> **What needs to be done**:
Give a verbatim copy of the lines below, minus the pictures.

> **Material to process**:
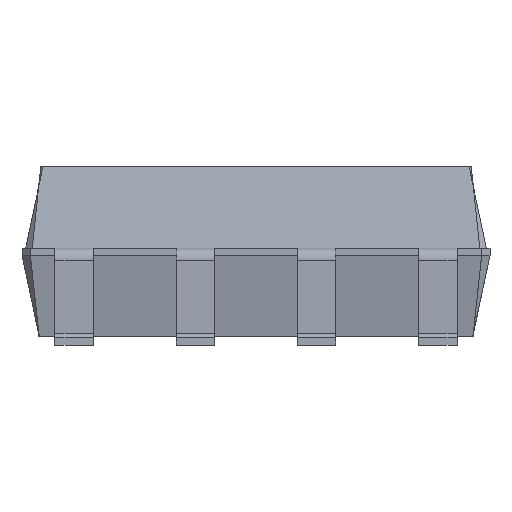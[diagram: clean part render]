
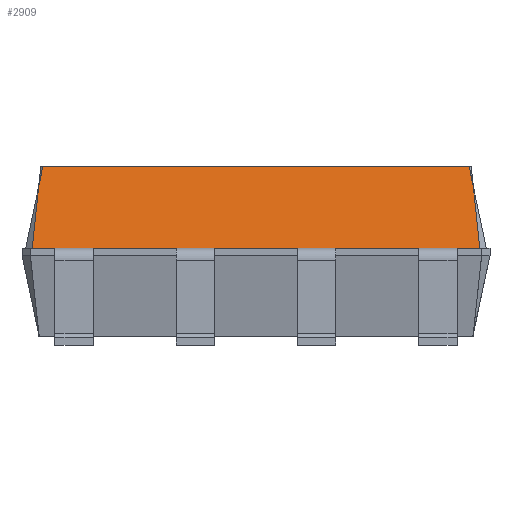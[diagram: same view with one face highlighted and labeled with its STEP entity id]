
A CAD part, left-side view. The second image highlights one B-rep face of the part: STEP entity #2909.
In plain terms, the highlighted free-form (B-spline) face has degree [1, 1] with [2, 2] control points.
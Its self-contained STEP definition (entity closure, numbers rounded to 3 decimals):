
#1970 = VERTEX_POINT('',#1971);
#1971 = CARTESIAN_POINT('',(-2.914,4.507,3.73));
#1977 = EDGE_CURVE('',#1978,#1970,#1980,.T.);
#1978 = VERTEX_POINT('',#1979);
#1979 = CARTESIAN_POINT('',(-2.914,-4.507,3.73));
#1980 = LINE('',#1981,#1982);
#1981 = CARTESIAN_POINT('',(-2.914,-4.507,3.73));
#1982 = VECTOR('',#1983,1.);
#1983 = DIRECTION('',(0.,1.,0.));
#2891 = VERTEX_POINT('',#2892);
#2892 = CARTESIAN_POINT('',(-3.275,4.688,2.03));
#2900 = EDGE_CURVE('',#2891,#1970,#2901,.T.);
#2901 = B_SPLINE_CURVE_WITH_KNOTS('',1,(#2902,#2903),.UNSPECIFIED.,.F.,
.F.,(2,2),(0.,1.),.PIECEWISE_BEZIER_KNOTS.);
#2902 = CARTESIAN_POINT('',(-3.275,4.688,2.03));
#2903 = CARTESIAN_POINT('',(-2.914,4.507,3.73));
#2909 = ADVANCED_FACE('',(#2910),#2991,.F.);
#2910 = FACE_BOUND('',#2911,.F.);
#2911 = EDGE_LOOP('',(#2912,#2922,#2930,#2938,#2946,#2954,#2962,#2970,
#2978,#2984,#2985,#2986));
#2912 = ORIENTED_EDGE('',*,*,#2913,.T.);
#2913 = EDGE_CURVE('',#2914,#2916,#2918,.T.);
#2914 = VERTEX_POINT('',#2915);
#2915 = CARTESIAN_POINT('',(-3.275,-4.688,2.03));
#2916 = VERTEX_POINT('',#2917);
#2917 = CARTESIAN_POINT('',(-3.275,-4.21,2.03));
#2918 = LINE('',#2919,#2920);
#2919 = CARTESIAN_POINT('',(-3.275,-4.688,2.03));
#2920 = VECTOR('',#2921,1.);
#2921 = DIRECTION('',(0.,1.,0.));
#2922 = ORIENTED_EDGE('',*,*,#2923,.T.);
#2923 = EDGE_CURVE('',#2916,#2924,#2926,.T.);
#2924 = VERTEX_POINT('',#2925);
#2925 = CARTESIAN_POINT('',(-3.275,-3.41,2.03));
#2926 = LINE('',#2927,#2928);
#2927 = CARTESIAN_POINT('',(-3.275,-4.688,2.03));
#2928 = VECTOR('',#2929,1.);
#2929 = DIRECTION('',(0.,1.,0.));
#2930 = ORIENTED_EDGE('',*,*,#2931,.T.);
#2931 = EDGE_CURVE('',#2924,#2932,#2934,.T.);
#2932 = VERTEX_POINT('',#2933);
#2933 = CARTESIAN_POINT('',(-3.275,-1.67,2.03));
#2934 = LINE('',#2935,#2936);
#2935 = CARTESIAN_POINT('',(-3.275,-4.688,2.03));
#2936 = VECTOR('',#2937,1.);
#2937 = DIRECTION('',(0.,1.,0.));
#2938 = ORIENTED_EDGE('',*,*,#2939,.T.);
#2939 = EDGE_CURVE('',#2932,#2940,#2942,.T.);
#2940 = VERTEX_POINT('',#2941);
#2941 = CARTESIAN_POINT('',(-3.275,-0.87,2.03));
#2942 = LINE('',#2943,#2944);
#2943 = CARTESIAN_POINT('',(-3.275,-4.688,2.03));
#2944 = VECTOR('',#2945,1.);
#2945 = DIRECTION('',(0.,1.,0.));
#2946 = ORIENTED_EDGE('',*,*,#2947,.T.);
#2947 = EDGE_CURVE('',#2940,#2948,#2950,.T.);
#2948 = VERTEX_POINT('',#2949);
#2949 = CARTESIAN_POINT('',(-3.275,0.87,2.03));
#2950 = LINE('',#2951,#2952);
#2951 = CARTESIAN_POINT('',(-3.275,-4.688,2.03));
#2952 = VECTOR('',#2953,1.);
#2953 = DIRECTION('',(0.,1.,0.));
#2954 = ORIENTED_EDGE('',*,*,#2955,.T.);
#2955 = EDGE_CURVE('',#2948,#2956,#2958,.T.);
#2956 = VERTEX_POINT('',#2957);
#2957 = CARTESIAN_POINT('',(-3.275,1.67,2.03));
#2958 = LINE('',#2959,#2960);
#2959 = CARTESIAN_POINT('',(-3.275,-4.688,2.03));
#2960 = VECTOR('',#2961,1.);
#2961 = DIRECTION('',(0.,1.,0.));
#2962 = ORIENTED_EDGE('',*,*,#2963,.T.);
#2963 = EDGE_CURVE('',#2956,#2964,#2966,.T.);
#2964 = VERTEX_POINT('',#2965);
#2965 = CARTESIAN_POINT('',(-3.275,3.41,2.03));
#2966 = LINE('',#2967,#2968);
#2967 = CARTESIAN_POINT('',(-3.275,-4.688,2.03));
#2968 = VECTOR('',#2969,1.);
#2969 = DIRECTION('',(0.,1.,0.));
#2970 = ORIENTED_EDGE('',*,*,#2971,.T.);
#2971 = EDGE_CURVE('',#2964,#2972,#2974,.T.);
#2972 = VERTEX_POINT('',#2973);
#2973 = CARTESIAN_POINT('',(-3.275,4.21,2.03));
#2974 = LINE('',#2975,#2976);
#2975 = CARTESIAN_POINT('',(-3.275,-4.688,2.03));
#2976 = VECTOR('',#2977,1.);
#2977 = DIRECTION('',(0.,1.,0.));
#2978 = ORIENTED_EDGE('',*,*,#2979,.T.);
#2979 = EDGE_CURVE('',#2972,#2891,#2980,.T.);
#2980 = LINE('',#2981,#2982);
#2981 = CARTESIAN_POINT('',(-3.275,-4.688,2.03));
#2982 = VECTOR('',#2983,1.);
#2983 = DIRECTION('',(0.,1.,0.));
#2984 = ORIENTED_EDGE('',*,*,#2900,.T.);
#2985 = ORIENTED_EDGE('',*,*,#1977,.F.);
#2986 = ORIENTED_EDGE('',*,*,#2987,.F.);
#2987 = EDGE_CURVE('',#2914,#1978,#2988,.T.);
#2988 = B_SPLINE_CURVE_WITH_KNOTS('',1,(#2989,#2990),.UNSPECIFIED.,.F.,
.F.,(2,2),(0.,1.),.PIECEWISE_BEZIER_KNOTS.);
#2989 = CARTESIAN_POINT('',(-3.275,-4.688,2.03));
#2990 = CARTESIAN_POINT('',(-2.914,-4.507,3.73));
#2991 = B_SPLINE_SURFACE_WITH_KNOTS('',1,1,(
(#2992,#2993)
,(#2994,#2995
)),.UNSPECIFIED.,.F.,.F.,.F.,(2,2),(2,2),(0.,9.375),(0.,1.
),.PIECEWISE_BEZIER_KNOTS.);
#2992 = CARTESIAN_POINT('',(-3.275,-4.688,2.03));
#2993 = CARTESIAN_POINT('',(-2.914,-4.507,3.73));
#2994 = CARTESIAN_POINT('',(-3.275,4.688,2.03));
#2995 = CARTESIAN_POINT('',(-2.914,4.507,3.73));

> **Output below**:
[diagram: clean part render]
[diagram: same view with one face highlighted and labeled with its STEP entity id]
A CAD part, left-side view. The second image highlights one B-rep face of the part: STEP entity #2909.
In plain terms, the highlighted free-form (B-spline) face has degree [1, 1] with [2, 2] control points.
Its self-contained STEP definition (entity closure, numbers rounded to 3 decimals):
#1970 = VERTEX_POINT('',#1971);
#1971 = CARTESIAN_POINT('',(-2.914,4.507,3.73));
#1977 = EDGE_CURVE('',#1978,#1970,#1980,.T.);
#1978 = VERTEX_POINT('',#1979);
#1979 = CARTESIAN_POINT('',(-2.914,-4.507,3.73));
#1980 = LINE('',#1981,#1982);
#1981 = CARTESIAN_POINT('',(-2.914,-4.507,3.73));
#1982 = VECTOR('',#1983,1.);
#1983 = DIRECTION('',(0.,1.,0.));
#2891 = VERTEX_POINT('',#2892);
#2892 = CARTESIAN_POINT('',(-3.275,4.688,2.03));
#2900 = EDGE_CURVE('',#2891,#1970,#2901,.T.);
#2901 = B_SPLINE_CURVE_WITH_KNOTS('',1,(#2902,#2903),.UNSPECIFIED.,.F.,
.F.,(2,2),(0.,1.),.PIECEWISE_BEZIER_KNOTS.);
#2902 = CARTESIAN_POINT('',(-3.275,4.688,2.03));
#2903 = CARTESIAN_POINT('',(-2.914,4.507,3.73));
#2909 = ADVANCED_FACE('',(#2910),#2991,.F.);
#2910 = FACE_BOUND('',#2911,.F.);
#2911 = EDGE_LOOP('',(#2912,#2922,#2930,#2938,#2946,#2954,#2962,#2970,
#2978,#2984,#2985,#2986));
#2912 = ORIENTED_EDGE('',*,*,#2913,.T.);
#2913 = EDGE_CURVE('',#2914,#2916,#2918,.T.);
#2914 = VERTEX_POINT('',#2915);
#2915 = CARTESIAN_POINT('',(-3.275,-4.688,2.03));
#2916 = VERTEX_POINT('',#2917);
#2917 = CARTESIAN_POINT('',(-3.275,-4.21,2.03));
#2918 = LINE('',#2919,#2920);
#2919 = CARTESIAN_POINT('',(-3.275,-4.688,2.03));
#2920 = VECTOR('',#2921,1.);
#2921 = DIRECTION('',(0.,1.,0.));
#2922 = ORIENTED_EDGE('',*,*,#2923,.T.);
#2923 = EDGE_CURVE('',#2916,#2924,#2926,.T.);
#2924 = VERTEX_POINT('',#2925);
#2925 = CARTESIAN_POINT('',(-3.275,-3.41,2.03));
#2926 = LINE('',#2927,#2928);
#2927 = CARTESIAN_POINT('',(-3.275,-4.688,2.03));
#2928 = VECTOR('',#2929,1.);
#2929 = DIRECTION('',(0.,1.,0.));
#2930 = ORIENTED_EDGE('',*,*,#2931,.T.);
#2931 = EDGE_CURVE('',#2924,#2932,#2934,.T.);
#2932 = VERTEX_POINT('',#2933);
#2933 = CARTESIAN_POINT('',(-3.275,-1.67,2.03));
#2934 = LINE('',#2935,#2936);
#2935 = CARTESIAN_POINT('',(-3.275,-4.688,2.03));
#2936 = VECTOR('',#2937,1.);
#2937 = DIRECTION('',(0.,1.,0.));
#2938 = ORIENTED_EDGE('',*,*,#2939,.T.);
#2939 = EDGE_CURVE('',#2932,#2940,#2942,.T.);
#2940 = VERTEX_POINT('',#2941);
#2941 = CARTESIAN_POINT('',(-3.275,-0.87,2.03));
#2942 = LINE('',#2943,#2944);
#2943 = CARTESIAN_POINT('',(-3.275,-4.688,2.03));
#2944 = VECTOR('',#2945,1.);
#2945 = DIRECTION('',(0.,1.,0.));
#2946 = ORIENTED_EDGE('',*,*,#2947,.T.);
#2947 = EDGE_CURVE('',#2940,#2948,#2950,.T.);
#2948 = VERTEX_POINT('',#2949);
#2949 = CARTESIAN_POINT('',(-3.275,0.87,2.03));
#2950 = LINE('',#2951,#2952);
#2951 = CARTESIAN_POINT('',(-3.275,-4.688,2.03));
#2952 = VECTOR('',#2953,1.);
#2953 = DIRECTION('',(0.,1.,0.));
#2954 = ORIENTED_EDGE('',*,*,#2955,.T.);
#2955 = EDGE_CURVE('',#2948,#2956,#2958,.T.);
#2956 = VERTEX_POINT('',#2957);
#2957 = CARTESIAN_POINT('',(-3.275,1.67,2.03));
#2958 = LINE('',#2959,#2960);
#2959 = CARTESIAN_POINT('',(-3.275,-4.688,2.03));
#2960 = VECTOR('',#2961,1.);
#2961 = DIRECTION('',(0.,1.,0.));
#2962 = ORIENTED_EDGE('',*,*,#2963,.T.);
#2963 = EDGE_CURVE('',#2956,#2964,#2966,.T.);
#2964 = VERTEX_POINT('',#2965);
#2965 = CARTESIAN_POINT('',(-3.275,3.41,2.03));
#2966 = LINE('',#2967,#2968);
#2967 = CARTESIAN_POINT('',(-3.275,-4.688,2.03));
#2968 = VECTOR('',#2969,1.);
#2969 = DIRECTION('',(0.,1.,0.));
#2970 = ORIENTED_EDGE('',*,*,#2971,.T.);
#2971 = EDGE_CURVE('',#2964,#2972,#2974,.T.);
#2972 = VERTEX_POINT('',#2973);
#2973 = CARTESIAN_POINT('',(-3.275,4.21,2.03));
#2974 = LINE('',#2975,#2976);
#2975 = CARTESIAN_POINT('',(-3.275,-4.688,2.03));
#2976 = VECTOR('',#2977,1.);
#2977 = DIRECTION('',(0.,1.,0.));
#2978 = ORIENTED_EDGE('',*,*,#2979,.T.);
#2979 = EDGE_CURVE('',#2972,#2891,#2980,.T.);
#2980 = LINE('',#2981,#2982);
#2981 = CARTESIAN_POINT('',(-3.275,-4.688,2.03));
#2982 = VECTOR('',#2983,1.);
#2983 = DIRECTION('',(0.,1.,0.));
#2984 = ORIENTED_EDGE('',*,*,#2900,.T.);
#2985 = ORIENTED_EDGE('',*,*,#1977,.F.);
#2986 = ORIENTED_EDGE('',*,*,#2987,.F.);
#2987 = EDGE_CURVE('',#2914,#1978,#2988,.T.);
#2988 = B_SPLINE_CURVE_WITH_KNOTS('',1,(#2989,#2990),.UNSPECIFIED.,.F.,
.F.,(2,2),(0.,1.),.PIECEWISE_BEZIER_KNOTS.);
#2989 = CARTESIAN_POINT('',(-3.275,-4.688,2.03));
#2990 = CARTESIAN_POINT('',(-2.914,-4.507,3.73));
#2991 = B_SPLINE_SURFACE_WITH_KNOTS('',1,1,(
(#2992,#2993)
,(#2994,#2995
)),.UNSPECIFIED.,.F.,.F.,.F.,(2,2),(2,2),(0.,9.375),(0.,1.
),.PIECEWISE_BEZIER_KNOTS.);
#2992 = CARTESIAN_POINT('',(-3.275,-4.688,2.03));
#2993 = CARTESIAN_POINT('',(-2.914,-4.507,3.73));
#2994 = CARTESIAN_POINT('',(-3.275,4.688,2.03));
#2995 = CARTESIAN_POINT('',(-2.914,4.507,3.73));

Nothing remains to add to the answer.